Records provided:
════════════════════

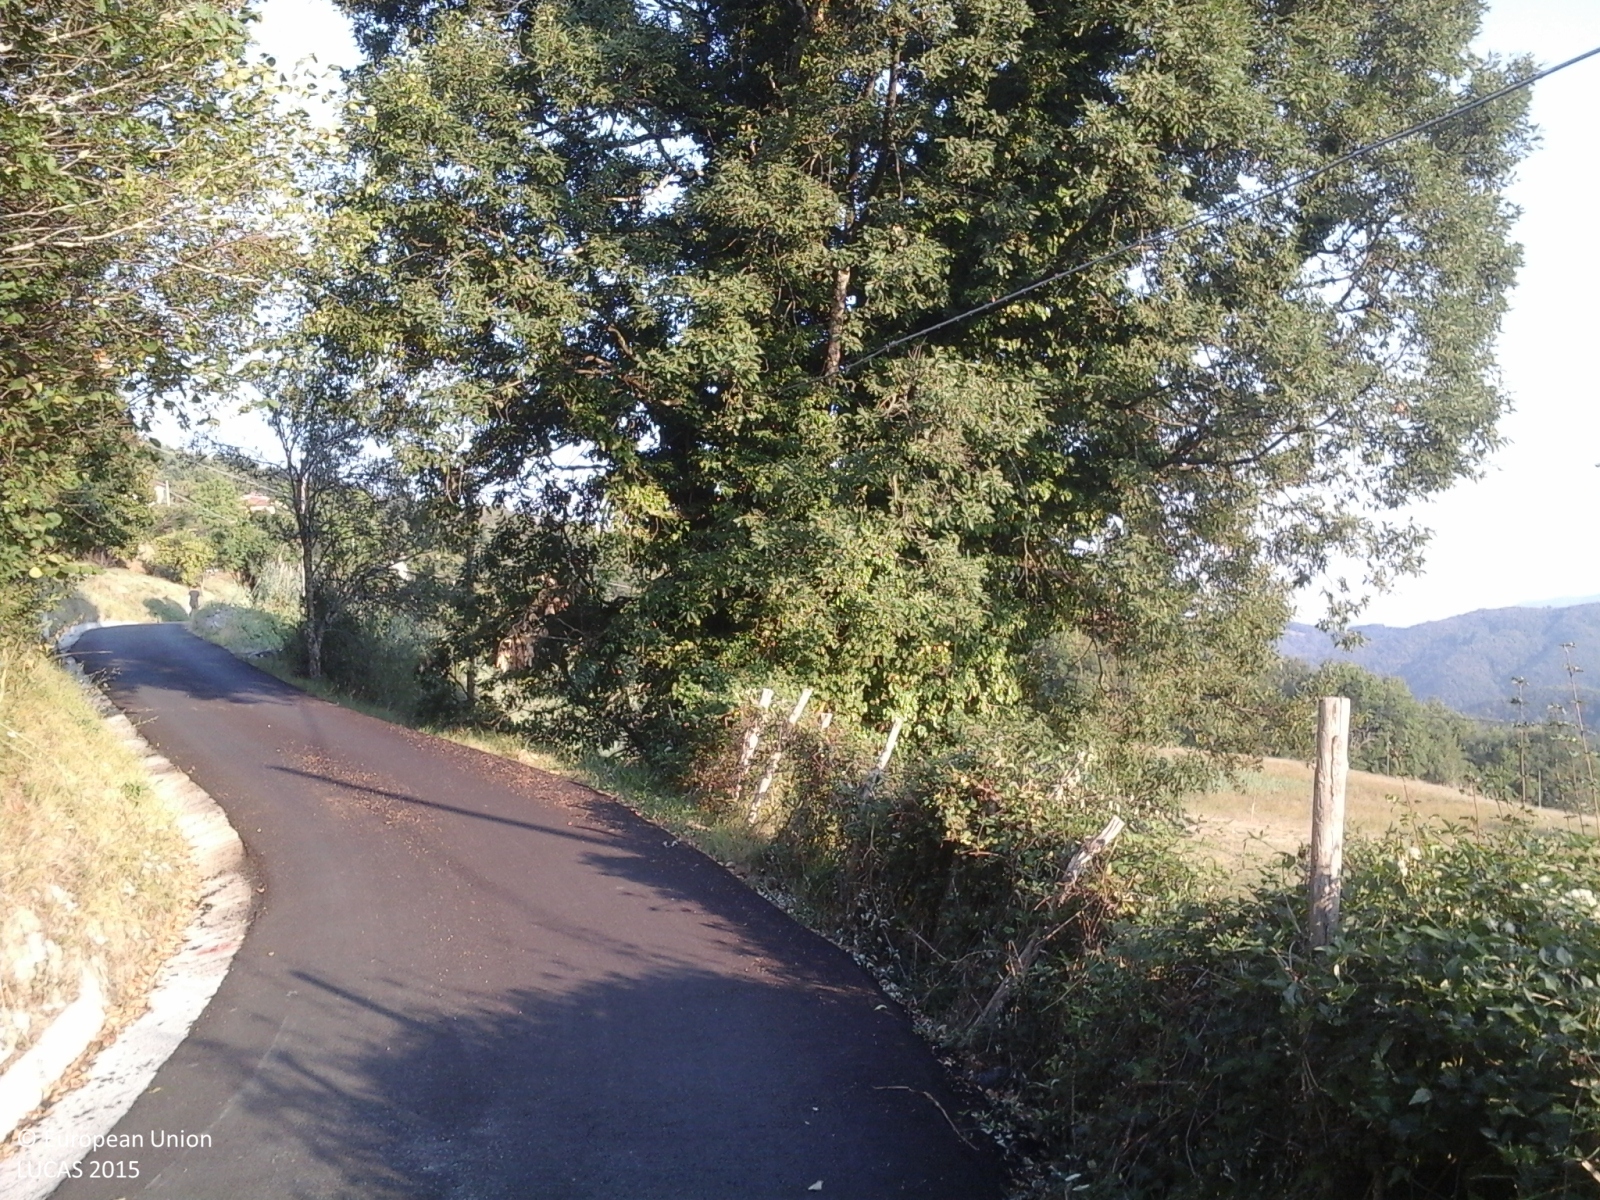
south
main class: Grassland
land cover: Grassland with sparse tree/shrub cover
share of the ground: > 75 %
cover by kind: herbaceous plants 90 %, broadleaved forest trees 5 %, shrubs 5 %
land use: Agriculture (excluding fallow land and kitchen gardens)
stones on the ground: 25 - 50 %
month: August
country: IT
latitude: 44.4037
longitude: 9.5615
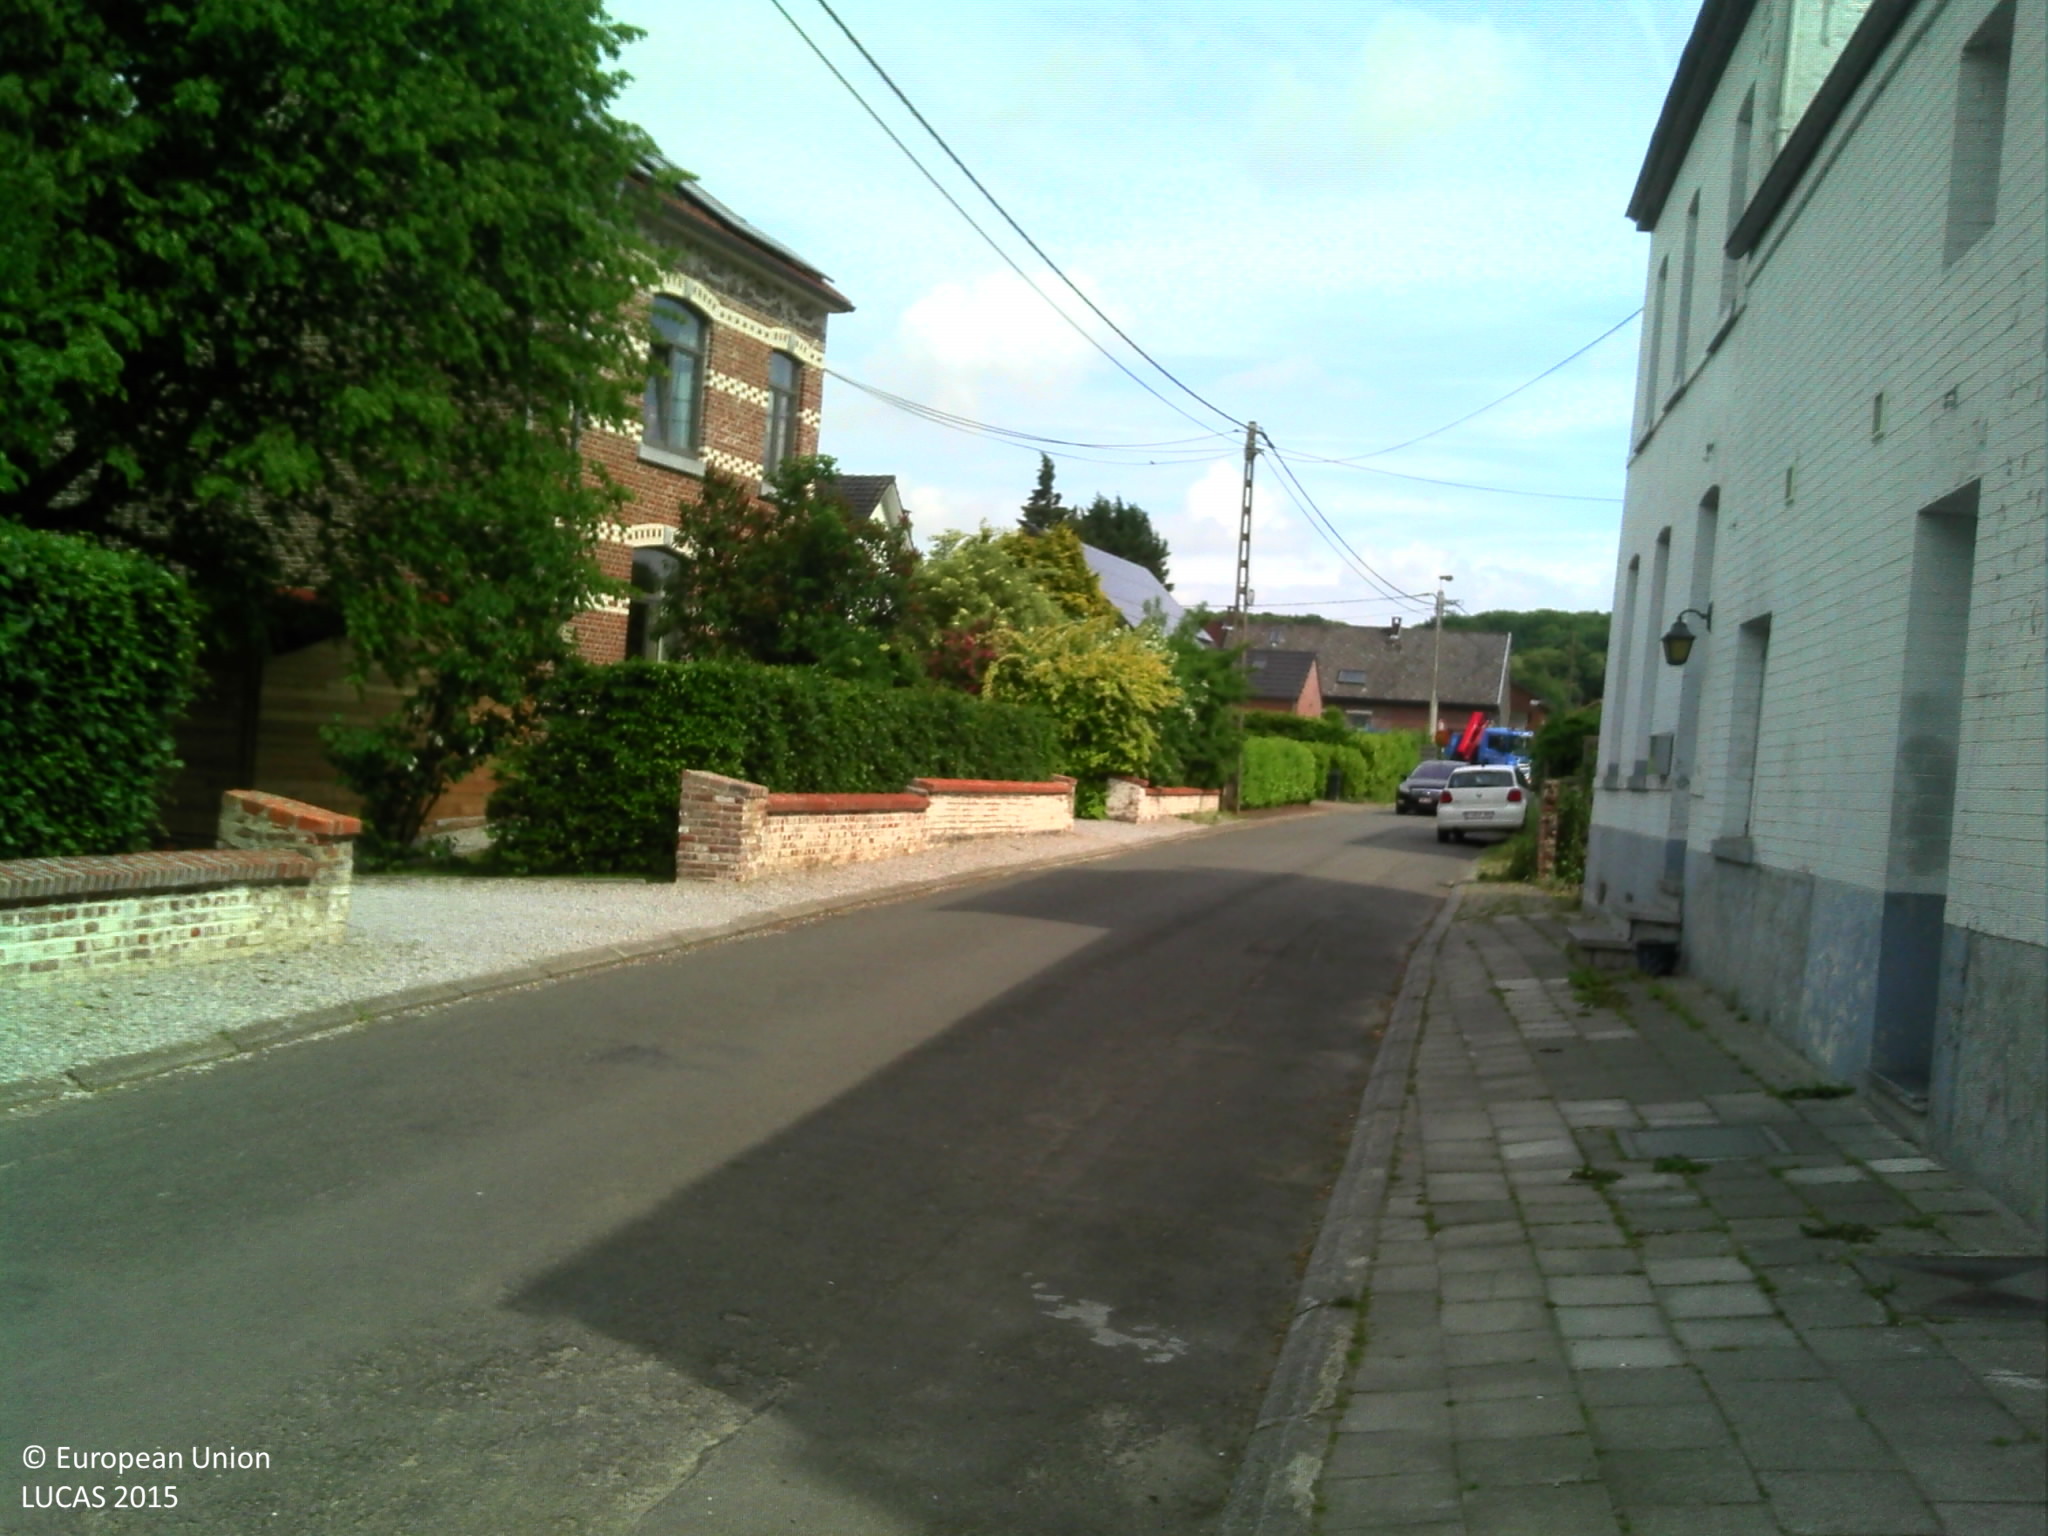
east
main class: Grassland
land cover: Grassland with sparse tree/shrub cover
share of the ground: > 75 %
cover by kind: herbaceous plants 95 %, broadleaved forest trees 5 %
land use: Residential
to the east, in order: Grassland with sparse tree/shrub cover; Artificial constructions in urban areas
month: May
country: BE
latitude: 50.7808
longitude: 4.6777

════════════════════

Your assignment: Your job is to reproduce the material exactly. Keep pictures out of it.

Solution for this exercise:
south
main class: Grassland
land cover: Grassland with sparse tree/shrub cover
share of the ground: > 75 %
cover by kind: herbaceous plants 90 %, broadleaved forest trees 5 %, shrubs 5 %
land use: Agriculture (excluding fallow land and kitchen gardens)
stones on the ground: 25 - 50 %
month: August
country: IT
latitude: 44.4037
longitude: 9.5615
east
main class: Grassland
land cover: Grassland with sparse tree/shrub cover
share of the ground: > 75 %
cover by kind: herbaceous plants 95 %, broadleaved forest trees 5 %
land use: Residential
to the east, in order: Grassland with sparse tree/shrub cover; Artificial constructions in urban areas
month: May
country: BE
latitude: 50.7808
longitude: 4.6777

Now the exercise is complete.